Dice game - how do find the expected number of rounds?

Question

I've been struggling trying to find an analytical solution to this problem.

Let's say we have a dice game, played with n players rolling n, k sided dice, with k >= n. The dice determine the order of winning players: each player is assigned a number, from 1 to n, and all roll their k-sided dice simultaneously. Winners are selected each round if the number they roll is unique amongst the n players. If a players roll is matched by another player, then both must continue to the next round, and there can be more than one winner each round, or zero winners. All players roll their dice even if they have already won. All players keep rolling until all have won at least once. The problem is to find the average and expected number of rounds each games last as a function of n and k.

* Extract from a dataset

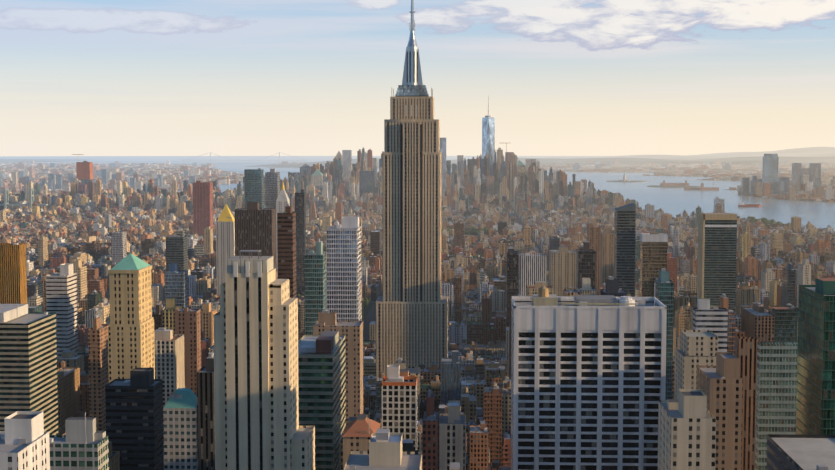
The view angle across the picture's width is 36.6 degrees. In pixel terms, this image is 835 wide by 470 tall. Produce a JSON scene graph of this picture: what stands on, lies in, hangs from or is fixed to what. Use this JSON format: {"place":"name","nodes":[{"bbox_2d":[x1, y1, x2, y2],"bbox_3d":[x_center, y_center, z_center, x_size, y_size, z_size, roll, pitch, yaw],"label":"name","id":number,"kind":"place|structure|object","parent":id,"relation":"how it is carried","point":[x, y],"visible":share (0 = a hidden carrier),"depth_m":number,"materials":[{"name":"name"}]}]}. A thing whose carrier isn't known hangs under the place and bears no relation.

For example, if we had a game of 4 players, each rolling 4-sided dice, a potential game might proceed like this:

Roll 1 - (1,1,3,3) : no winning players, since no player rolled a unique number

Roll 2 - (1,2,2,3) : player 1 and player 4 win, since each rolled a unique number

Roll 3 - (1,1,3,4) : player 3 and player 4 win

Roll 4 - (1,3,3,4) : player 1 and 4 win

Roll 5 - (2,3,2,2) : player 2 wins

Each player has won at least once, so this game ends in 5 rounds.

It would make sense that as k becomes >> n, then the expected number of rounds would converge at 1 (since the probability of there being any matching number for a large sided dice tends towards zero for a large number of sides).

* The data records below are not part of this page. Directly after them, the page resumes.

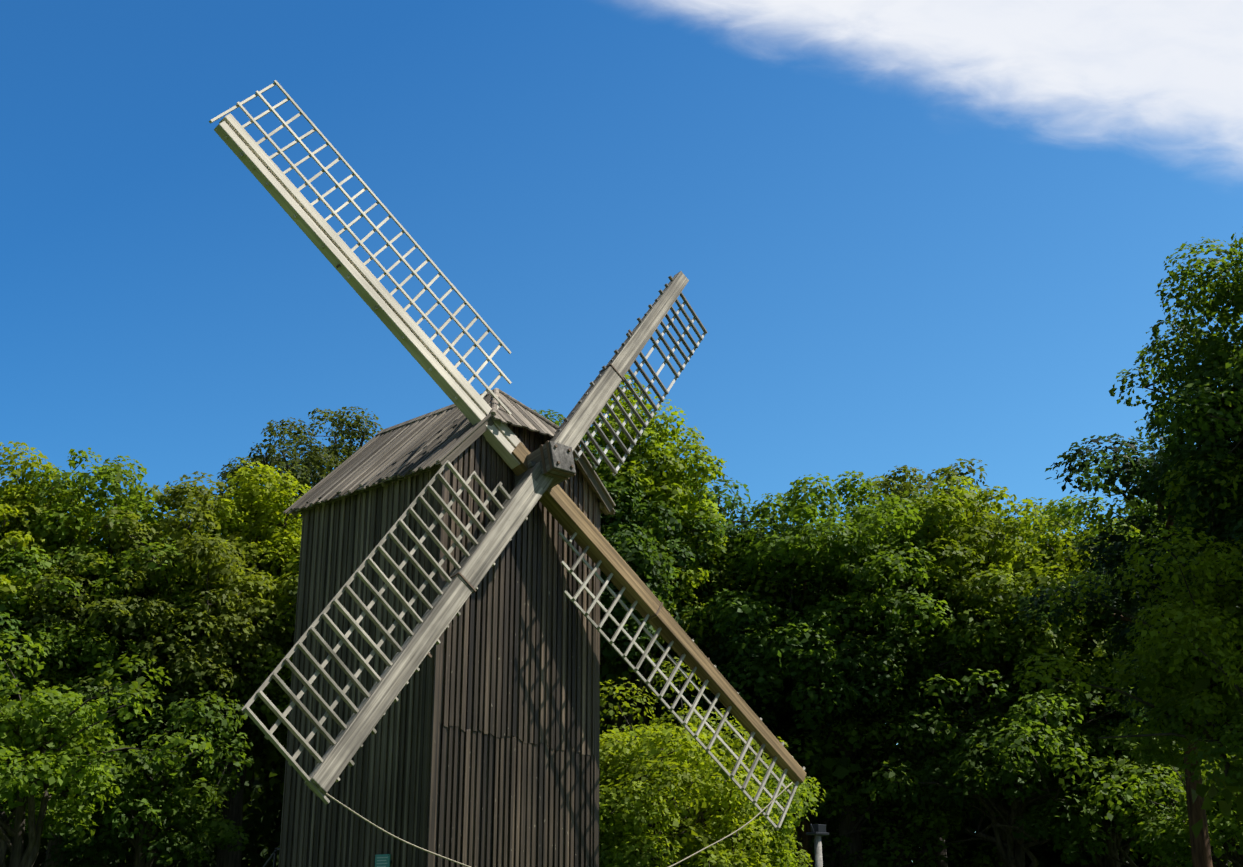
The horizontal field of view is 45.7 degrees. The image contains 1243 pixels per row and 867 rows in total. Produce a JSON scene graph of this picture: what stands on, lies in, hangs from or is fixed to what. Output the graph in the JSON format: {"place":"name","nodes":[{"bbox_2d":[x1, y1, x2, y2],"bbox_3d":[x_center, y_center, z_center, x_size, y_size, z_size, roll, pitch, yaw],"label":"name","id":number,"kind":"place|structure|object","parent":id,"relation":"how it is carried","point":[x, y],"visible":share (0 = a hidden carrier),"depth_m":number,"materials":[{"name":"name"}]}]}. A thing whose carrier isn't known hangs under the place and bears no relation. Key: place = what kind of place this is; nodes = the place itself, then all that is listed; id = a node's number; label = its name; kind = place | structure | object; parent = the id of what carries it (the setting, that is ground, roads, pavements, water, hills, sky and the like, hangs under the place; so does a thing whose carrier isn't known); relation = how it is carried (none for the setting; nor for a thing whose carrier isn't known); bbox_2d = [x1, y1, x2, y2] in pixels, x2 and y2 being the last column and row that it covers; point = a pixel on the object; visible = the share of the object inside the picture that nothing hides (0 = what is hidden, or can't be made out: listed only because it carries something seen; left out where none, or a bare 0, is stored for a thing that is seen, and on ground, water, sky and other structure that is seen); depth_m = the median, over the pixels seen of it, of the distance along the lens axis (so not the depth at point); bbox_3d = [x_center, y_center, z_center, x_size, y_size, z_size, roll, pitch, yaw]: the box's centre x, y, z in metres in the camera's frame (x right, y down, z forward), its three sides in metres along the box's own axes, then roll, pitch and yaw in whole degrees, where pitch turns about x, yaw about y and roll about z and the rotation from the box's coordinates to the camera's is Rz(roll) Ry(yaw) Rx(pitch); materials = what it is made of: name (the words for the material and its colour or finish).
{"place":"outdoors","nodes":[
{"label":"outdoors","id":0,"kind":"place"},
{"bbox_2d":[278,468,440,866],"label":"windmill side wall","id":1,"kind":"structure","parent":0,"point":[383,783],"depth_m":24.95,"materials":[{"name":"brown wood"}]},
{"bbox_2d":[214,113,523,468],"bbox_3d":[-4.183,-2.321,25.004,0.241,0.490,7.570,-32,-75,35],"label":"sail spar","id":2,"kind":"object","parent":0,"point":[444,374],"depth_m":24.89,"materials":[{"name":"beige wood"}]},
{"bbox_2d":[209,83,501,408],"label":"sail crossbars","id":3,"kind":"object","parent":2,"relation":"attached to","point":[441,328],"visible":0.81,"depth_m":25.70,"materials":[{"name":"beige wood"}]},
{"bbox_2d":[236,80,511,414],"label":"sail long battens","id":4,"kind":"object","parent":3,"relation":"attached to","point":[328,206],"visible":1,"depth_m":25.87,"materials":[{"name":"beige wood"}]},
{"bbox_2d":[304,439,560,796],"bbox_3d":[-2.558,2.508,22.806,0.328,8.550,0.474,-32,-75,35],"label":"sail spar","id":5,"kind":"object","parent":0,"point":[526,493],"depth_m":21.95,"materials":[{"name":"grey wood"}]},
{"bbox_2d":[243,461,527,803],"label":"sail crossbars","id":6,"kind":"object","parent":5,"relation":"attached to","point":[340,663],"visible":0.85,"depth_m":21.29,"materials":[{"name":"grey wood"}]},
{"bbox_2d":[241,460,501,765],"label":"sail long battens","id":7,"kind":"object","parent":6,"relation":"attached to","point":[351,628],"visible":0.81,"depth_m":21.27,"materials":[{"name":"grey wood"}]},
{"bbox_2d":[325,782,792,866],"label":"sail rope","id":8,"kind":"object","parent":5,"relation":"attached to","point":[354,812],"visible":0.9,"depth_m":20.79,"materials":[{"name":"grey fabric"}]},
{"bbox_2d":[299,388,603,512],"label":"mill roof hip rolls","id":9,"kind":"object","parent":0,"point":[496,392],"visible":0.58,"depth_m":26.65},
{"bbox_2d":[427,467,600,866],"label":"corner boards","id":10,"kind":"object","parent":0,"point":[435,736],"visible":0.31,"depth_m":24.44,"materials":[{"name":"brown wood"}]},
{"bbox_2d":[492,393,556,436],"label":"roof slope","id":11,"kind":"structure","parent":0,"point":[520,416],"depth_m":26.37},
{"bbox_2d":[519,271,688,490],"bbox_3d":[-0.137,-1.247,28.529,0.328,8.370,0.474,-32,-75,35],"label":"sail spar","id":12,"kind":"object","parent":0,"point":[575,427],"depth_m":28.05,"materials":[{"name":"grey wood"}]},
{"bbox_2d":[557,276,707,473],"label":"sail crossbars","id":13,"kind":"object","parent":12,"relation":"attached to","point":[630,405],"visible":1,"depth_m":29.06,"materials":[{"name":"grey wood"}]},
{"bbox_2d":[574,302,705,475],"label":"sail long battens","id":14,"kind":"object","parent":13,"relation":"attached to","point":[580,452],"visible":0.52,"depth_m":29.07,"materials":[{"name":"grey wood"}]},
{"bbox_2d":[0,233,1242,866],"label":"forest","id":15,"kind":"object","parent":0,"point":[1186,473],"depth_m":48.11,"materials":[{"name":"green plant"}]},
{"bbox_2d":[0,0,1242,744],"label":"sky","id":16,"kind":"structure","parent":0,"point":[926,235],"materials":[{"name":"blue"}]},
{"bbox_2d":[502,442,806,783],"bbox_3d":[0.727,3.341,26.639,0.308,0.454,8.270,-32,-75,35],"label":"sail spar","id":17,"kind":"object","parent":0,"point":[563,509],"depth_m":26.44,"materials":[{"name":"wood"}]},
{"bbox_2d":[568,532,804,828],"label":"sail crossbars","id":18,"kind":"object","parent":17,"relation":"attached to","point":[670,678],"visible":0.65,"depth_m":26.28,"materials":[{"name":"grey wood"}]},
{"bbox_2d":[558,532,790,830],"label":"sail long battens","id":19,"kind":"object","parent":18,"relation":"attached to","point":[661,673],"visible":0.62,"depth_m":26.16,"materials":[{"name":"grey wood"}]},
{"label":"ground","id":20,"kind":"structure","parent":0,"visible":0},
{"bbox_2d":[263,848,279,866],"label":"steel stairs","id":21,"kind":"structure","parent":20,"relation":"on","point":[274,855],"depth_m":26.15,"materials":[{"name":"grey metal"}]},
{"bbox_2d":[814,835,822,866],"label":"lamp post","id":22,"kind":"object","parent":20,"relation":"on","point":[818,851],"visible":1,"depth_m":22.70,"materials":[{"name":"grey metal"}]},
{"bbox_2d":[806,824,828,835],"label":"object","id":23,"kind":"object","parent":22,"relation":"on","point":[818,829],"visible":0.98,"depth_m":22.79,"materials":[{"name":"black metal"}]},
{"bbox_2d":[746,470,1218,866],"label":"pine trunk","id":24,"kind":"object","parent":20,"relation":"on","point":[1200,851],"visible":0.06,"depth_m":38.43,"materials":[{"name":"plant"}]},
{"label":"trestle stones","id":25,"kind":"object","parent":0,"visible":0},
{"bbox_3d":[-3.158,4.027,26.481,3.976,9.243,3.656,-17,-25,42],"label":"mill","id":26,"kind":"object","parent":25,"relation":"on","visible":0},
{"bbox_2d":[375,854,391,866],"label":"info sign","id":27,"kind":"object","parent":26,"relation":"attached to","point":[382,860],"visible":1,"depth_m":23.36,"materials":[{"name":"teal metal"}]},
{"bbox_2d":[283,391,493,514],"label":"mill roof boards","id":28,"kind":"object","parent":26,"relation":"on","point":[431,441],"visible":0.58,"depth_m":26.70,"materials":[{"name":"grey wood"}]},
{"bbox_2d":[291,389,493,516],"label":"mill roof trim","id":29,"kind":"structure","parent":28,"relation":"attached to","point":[466,444],"depth_m":25.51,"materials":[{"name":"grey wood"}]},
{"bbox_2d":[426,423,598,866],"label":"windmill front wall","id":30,"kind":"structure","parent":26,"relation":"attached to","point":[515,773],"depth_m":24.87,"materials":[{"name":"brown wood"}]},
{"bbox_2d":[512,440,575,487],"bbox_3d":[-2.108,1.094,26.350,0.747,0.748,3.260,17,-38,-43],"label":"windmill hub","id":31,"kind":"object","parent":26,"relation":"attached to","point":[562,455],"depth_m":25.42,"materials":[{"name":"grey wood"}]},
{"bbox_2d":[573,444,615,514],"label":"mill roof boards","id":32,"kind":"object","parent":26,"relation":"attached to","point":[599,482],"visible":0.06,"depth_m":27.12,"materials":[{"name":"grey wood"}]},
{"bbox_2d":[573,448,612,511],"bbox_3d":[-2.467,0.704,28.329,4.468,0.202,2.860,-17,-69,42],"label":"roof edge board","id":33,"kind":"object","parent":32,"relation":"attached to","point":[595,485],"depth_m":27.02,"materials":[{"name":"grey wood"}]}
]}

This is a simple problem to simulate, and running each game 1 million times shows the following result:

4 players, rolling 4-sided dice -> average number of rounds = 4.17346

4 players, rolling 10-sided dice -> average number of rounds = 1.806924

6 players, rolling 6-sided dice -> average number of rounds = 5.225997

6 players, rolling 10-sided dice -> average number of rounds = 3.043941

6 players, rolling 100-sided dice -> average number of rounds = 1.15475

This does not seem to be model-able with a Markov Chain, since the number of states is not fixed from game to game with a given n and k.

NOTE: this is not homework, but I came across this game in a PDF full of dice games and haven't been able to find or work-out a solution.

Answer 1

I think there is not a general solution. Here is my solution on 4 players, rolling 4-sided dice case. Calculation is pretty complicated. I don't know if there is any better method.

First of all, we need to figure out results of each round of rolling. 4 players roll 4 dice, then we can get:

• 0 winner: $p_0=\frac{10}{64}$
  • AAAA: $p_01=4*\frac{1}{4^4}=\frac{1}{64}$
  • AABB: $p_02={4\choose2}\frac{\frac{4*3}{2}}{4^4}=\frac{9}{64}$
• 1 winner: $p_1=\frac{12}{64}$
  • AAAB: $p={4\choose1}\frac{4*3}{4^4}=\frac{12}{64}$
• 2 winners: $p_2=\frac{36}{64}$
  • AABC: $p={4\choose2}\frac{4*3*2}{4^4}=\frac{36}{64}$
• 3 winners: $p_3=0$
  • not possible
• 4 winners: $p_4=\frac{6}{64}$
  • ABCD: $p=\frac{4*3*2*1}{4^4}=\frac{6}{64}$

$E(n)$ is the expected number of rolls to finish a game where $n$ players have not yet won at least once. So we want to know $E(4)$.

$$E(4)=1+p_0*E(4)+p_1*E(3)+p_2*E(2)$$ $$E(3)=1+p_0*E(3)+\frac{1}{4}p_1*E(3)+\frac{3}{4}p_1*E(2)+\frac{1}{2}p_2*E(2)+\frac{1}{2}p_2*E(1)$$ $$E(2)=1+p_0*E(2)+\frac{2}{4}p_1*E(2)+\frac{2}{4}p_1*E(1)+\frac{1}{6}p_2*E(2)+\frac{4}{6}p_2*E(1)$$ $$E(1)=1+p_0*E(1)+\frac{3}{4}p_1*E(1)+\frac{3}{6}p_2*E(1)$$

And I got $E(4)=6.401612$ which is not close to the simulation result. If you find out what's wrong with it please comment. Thanks a lot!